Records excerpted from a collection
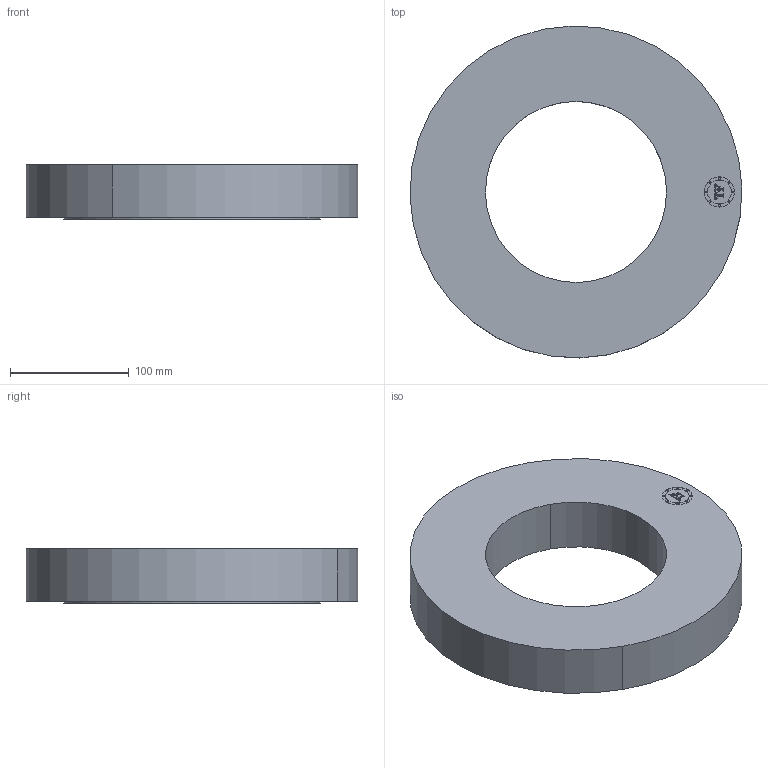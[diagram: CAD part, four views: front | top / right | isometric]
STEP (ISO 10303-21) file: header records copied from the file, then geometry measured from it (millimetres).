
FILE_DESCRIPTION(('3D STEP'),'2;1');
FILE_NAME('6-150-FB-RF-STUDOUT-FLANGE.stp','2013-11-25T01:57:04+00:00',('Texas Flange'),(''),'CATIA Version 5 Release 20 SP 6 (IN-10)','CATIA V5 STEP AP214','800-826-3801');
FILE_SCHEMA(('AUTOMOTIVE_DESIGN { 1 0 10303 214 1 1 1 1 }'));
Products named in the file (1): 6-150-FB-RF-STUDOUT-FLANGE
Bounding box: 279.32 x 279.32 x 46.04 mm (x, y, z)
Volume: 1877046.8 mm3; surface area: 166190.8 mm2
Topology: 1 solids, 1 shells, 874 faces, 2538 edges, 1676 vertices
Faces by surface type: plane 368, bspline 272, cylinder 186, cone 32, revolution 16
Entity records: 40977 total; most frequent: CARTESIAN_POINT 19145, ORIENTED_EDGE 5044, EDGE_CURVE 2522, DIRECTION 2211, VERTEX_POINT 1676, VECTOR 1278, LINE 1278, B_SPLINE_CURVE_WITH_KNOTS 1121
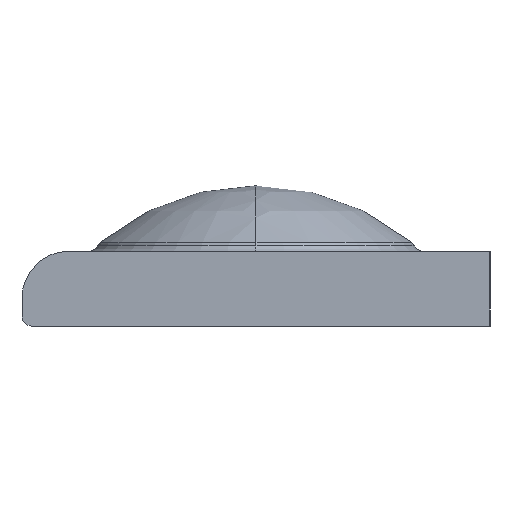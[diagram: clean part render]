
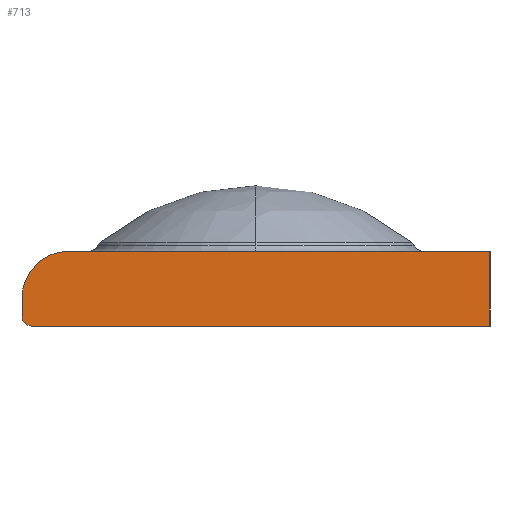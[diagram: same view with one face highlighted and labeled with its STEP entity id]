
A CAD part, left-side view. The second image highlights one B-rep face of the part: STEP entity #713.
In plain terms, the highlighted planar face has unit normal (-1, 0, 0).
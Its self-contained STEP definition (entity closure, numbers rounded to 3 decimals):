
#202=CARTESIAN_POINT('Vertex',(-1250.,689.,10.)) ;
#216=CARTESIAN_POINT('Vertex',(-1250.,734.,10.)) ;
#219=CARTESIAN_POINT('Line Origine',(-1250.,711.5,10.)) ;
#667=CARTESIAN_POINT('Axis2P3D Location',(-1250.,-779.,0.)) ;
#672=CARTESIAN_POINT('Line Origine',(-1250.,689.,6.)) ;
#676=CARTESIAN_POINT('Vertex',(-1250.,689.,2.)) ;
#679=CARTESIAN_POINT('Axis2P3D Location',(-1250.,734.,5.)) ;
#683=CARTESIAN_POINT('Vertex',(-1250.,739.,5.)) ;
#686=CARTESIAN_POINT('Line Origine',(-1250.,739.,4.)) ;
#690=CARTESIAN_POINT('Vertex',(-1250.,739.,3.)) ;
#693=CARTESIAN_POINT('Axis2P3D Location',(-1250.,738.,3.)) ;
#697=CARTESIAN_POINT('Vertex',(-1250.,738.,2.)) ;
#700=CARTESIAN_POINT('Line Origine',(-1250.,713.5,2.)) ;
#220=DIRECTION('Vector Direction',(0.,1.,0.)) ;
#668=DIRECTION('Axis2P3D Direction',(1.,0.,0.)) ;
#669=DIRECTION('Axis2P3D XDirection',(0.,1.,0.)) ;
#673=DIRECTION('Vector Direction',(0.,0.,-1.)) ;
#680=DIRECTION('Axis2P3D Direction',(1.,0.,0.)) ;
#687=DIRECTION('Vector Direction',(0.,0.,-1.)) ;
#694=DIRECTION('Axis2P3D Direction',(1.,0.,0.)) ;
#701=DIRECTION('Vector Direction',(0.,-1.,0.)) ;
#670=AXIS2_PLACEMENT_3D('Plane Axis2P3D',#667,#668,#669) ;
#681=AXIS2_PLACEMENT_3D('Circle Axis2P3D',#679,#680,$) ;
#695=AXIS2_PLACEMENT_3D('Circle Axis2P3D',#693,#694,$) ;
#706=ORIENTED_EDGE('',*,*,#678,.F.) ;
#707=ORIENTED_EDGE('',*,*,#223,.T.) ;
#708=ORIENTED_EDGE('',*,*,#685,.F.) ;
#709=ORIENTED_EDGE('',*,*,#692,.T.) ;
#710=ORIENTED_EDGE('',*,*,#699,.F.) ;
#711=ORIENTED_EDGE('',*,*,#704,.T.) ;
#221=VECTOR('Line Direction',#220,1.) ;
#674=VECTOR('Line Direction',#673,1.) ;
#688=VECTOR('Line Direction',#687,1.) ;
#702=VECTOR('Line Direction',#701,1.) ;
#713=ADVANCED_FACE('Corps de pi\X2\00E8\X0\ce.2',(#712),#671,.F.) ;
#682=CIRCLE('generated circle',#681,5.) ;
#696=CIRCLE('generated circle',#695,1.) ;
#223=EDGE_CURVE('',#203,#217,#222,.T.) ;
#678=EDGE_CURVE('',#203,#677,#675,.T.) ;
#685=EDGE_CURVE('',#684,#217,#682,.T.) ;
#692=EDGE_CURVE('',#684,#691,#689,.T.) ;
#699=EDGE_CURVE('',#698,#691,#696,.T.) ;
#704=EDGE_CURVE('',#698,#677,#703,.T.) ;
#705=EDGE_LOOP('',(#706,#707,#708,#709,#710,#711)) ;
#712=FACE_OUTER_BOUND('',#705,.T.) ;
#222=LINE('Line',#219,#221) ;
#675=LINE('Line',#672,#674) ;
#689=LINE('Line',#686,#688) ;
#703=LINE('Line',#700,#702) ;
#671=PLANE('Plane',#670) ;
#203=VERTEX_POINT('',#202) ;
#217=VERTEX_POINT('',#216) ;
#677=VERTEX_POINT('',#676) ;
#684=VERTEX_POINT('',#683) ;
#691=VERTEX_POINT('',#690) ;
#698=VERTEX_POINT('',#697) ;

=== EXERCISE ===
All entries should be reproduced exactly; no picture belongs in the result.

=== WRITTEN RESPONSE ===
[diagram: CAD part, four views: front | top / right | isometric]
STEP (ISO 10303-21) file: header records copied from the file, then geometry measured from it (millimetres).
FILE_DESCRIPTION(('3D STEP'),'2;1');
FILE_NAME('6-150-FB-RF-STUDOUT-FLANGE.stp','2013-11-25T01:57:04+00:00',('Texas Flange'),(''),'CATIA Version 5 Release 20 SP 6 (IN-10)','CATIA V5 STEP AP214','800-826-3801');
FILE_SCHEMA(('AUTOMOTIVE_DESIGN { 1 0 10303 214 1 1 1 1 }'));
Products named in the file (1): 6-150-FB-RF-STUDOUT-FLANGE
Bounding box: 279.32 x 279.32 x 46.04 mm (x, y, z)
Volume: 1877046.8 mm3; surface area: 166190.8 mm2
Topology: 1 solids, 1 shells, 874 faces, 2538 edges, 1676 vertices
Faces by surface type: plane 368, bspline 272, cylinder 186, cone 32, revolution 16
Entity records: 40977 total; most frequent: CARTESIAN_POINT 19145, ORIENTED_EDGE 5044, EDGE_CURVE 2522, DIRECTION 2211, VERTEX_POINT 1676, VECTOR 1278, LINE 1278, B_SPLINE_CURVE_WITH_KNOTS 1121
[diagram: clean part render]
[diagram: same view with one face highlighted and labeled with its STEP entity id]
A CAD part, left-side view. The second image highlights one B-rep face of the part: STEP entity #713.
In plain terms, the highlighted planar face has unit normal (-1, 0, 0).
Its self-contained STEP definition (entity closure, numbers rounded to 3 decimals):
#202=CARTESIAN_POINT('Vertex',(-1250.,689.,10.)) ;
#216=CARTESIAN_POINT('Vertex',(-1250.,734.,10.)) ;
#219=CARTESIAN_POINT('Line Origine',(-1250.,711.5,10.)) ;
#667=CARTESIAN_POINT('Axis2P3D Location',(-1250.,-779.,0.)) ;
#672=CARTESIAN_POINT('Line Origine',(-1250.,689.,6.)) ;
#676=CARTESIAN_POINT('Vertex',(-1250.,689.,2.)) ;
#679=CARTESIAN_POINT('Axis2P3D Location',(-1250.,734.,5.)) ;
#683=CARTESIAN_POINT('Vertex',(-1250.,739.,5.)) ;
#686=CARTESIAN_POINT('Line Origine',(-1250.,739.,4.)) ;
#690=CARTESIAN_POINT('Vertex',(-1250.,739.,3.)) ;
#693=CARTESIAN_POINT('Axis2P3D Location',(-1250.,738.,3.)) ;
#697=CARTESIAN_POINT('Vertex',(-1250.,738.,2.)) ;
#700=CARTESIAN_POINT('Line Origine',(-1250.,713.5,2.)) ;
#220=DIRECTION('Vector Direction',(0.,1.,0.)) ;
#668=DIRECTION('Axis2P3D Direction',(1.,0.,0.)) ;
#669=DIRECTION('Axis2P3D XDirection',(0.,1.,0.)) ;
#673=DIRECTION('Vector Direction',(0.,0.,-1.)) ;
#680=DIRECTION('Axis2P3D Direction',(1.,0.,0.)) ;
#687=DIRECTION('Vector Direction',(0.,0.,-1.)) ;
#694=DIRECTION('Axis2P3D Direction',(1.,0.,0.)) ;
#701=DIRECTION('Vector Direction',(0.,-1.,0.)) ;
#670=AXIS2_PLACEMENT_3D('Plane Axis2P3D',#667,#668,#669) ;
#681=AXIS2_PLACEMENT_3D('Circle Axis2P3D',#679,#680,$) ;
#695=AXIS2_PLACEMENT_3D('Circle Axis2P3D',#693,#694,$) ;
#706=ORIENTED_EDGE('',*,*,#678,.F.) ;
#707=ORIENTED_EDGE('',*,*,#223,.T.) ;
#708=ORIENTED_EDGE('',*,*,#685,.F.) ;
#709=ORIENTED_EDGE('',*,*,#692,.T.) ;
#710=ORIENTED_EDGE('',*,*,#699,.F.) ;
#711=ORIENTED_EDGE('',*,*,#704,.T.) ;
#221=VECTOR('Line Direction',#220,1.) ;
#674=VECTOR('Line Direction',#673,1.) ;
#688=VECTOR('Line Direction',#687,1.) ;
#702=VECTOR('Line Direction',#701,1.) ;
#713=ADVANCED_FACE('Corps de pi\X2\00E8\X0\ce.2',(#712),#671,.F.) ;
#682=CIRCLE('generated circle',#681,5.) ;
#696=CIRCLE('generated circle',#695,1.) ;
#223=EDGE_CURVE('',#203,#217,#222,.T.) ;
#678=EDGE_CURVE('',#203,#677,#675,.T.) ;
#685=EDGE_CURVE('',#684,#217,#682,.T.) ;
#692=EDGE_CURVE('',#684,#691,#689,.T.) ;
#699=EDGE_CURVE('',#698,#691,#696,.T.) ;
#704=EDGE_CURVE('',#698,#677,#703,.T.) ;
#705=EDGE_LOOP('',(#706,#707,#708,#709,#710,#711)) ;
#712=FACE_OUTER_BOUND('',#705,.T.) ;
#222=LINE('Line',#219,#221) ;
#675=LINE('Line',#672,#674) ;
#689=LINE('Line',#686,#688) ;
#703=LINE('Line',#700,#702) ;
#671=PLANE('Plane',#670) ;
#203=VERTEX_POINT('',#202) ;
#217=VERTEX_POINT('',#216) ;
#677=VERTEX_POINT('',#676) ;
#684=VERTEX_POINT('',#683) ;
#691=VERTEX_POINT('',#690) ;
#698=VERTEX_POINT('',#697) ;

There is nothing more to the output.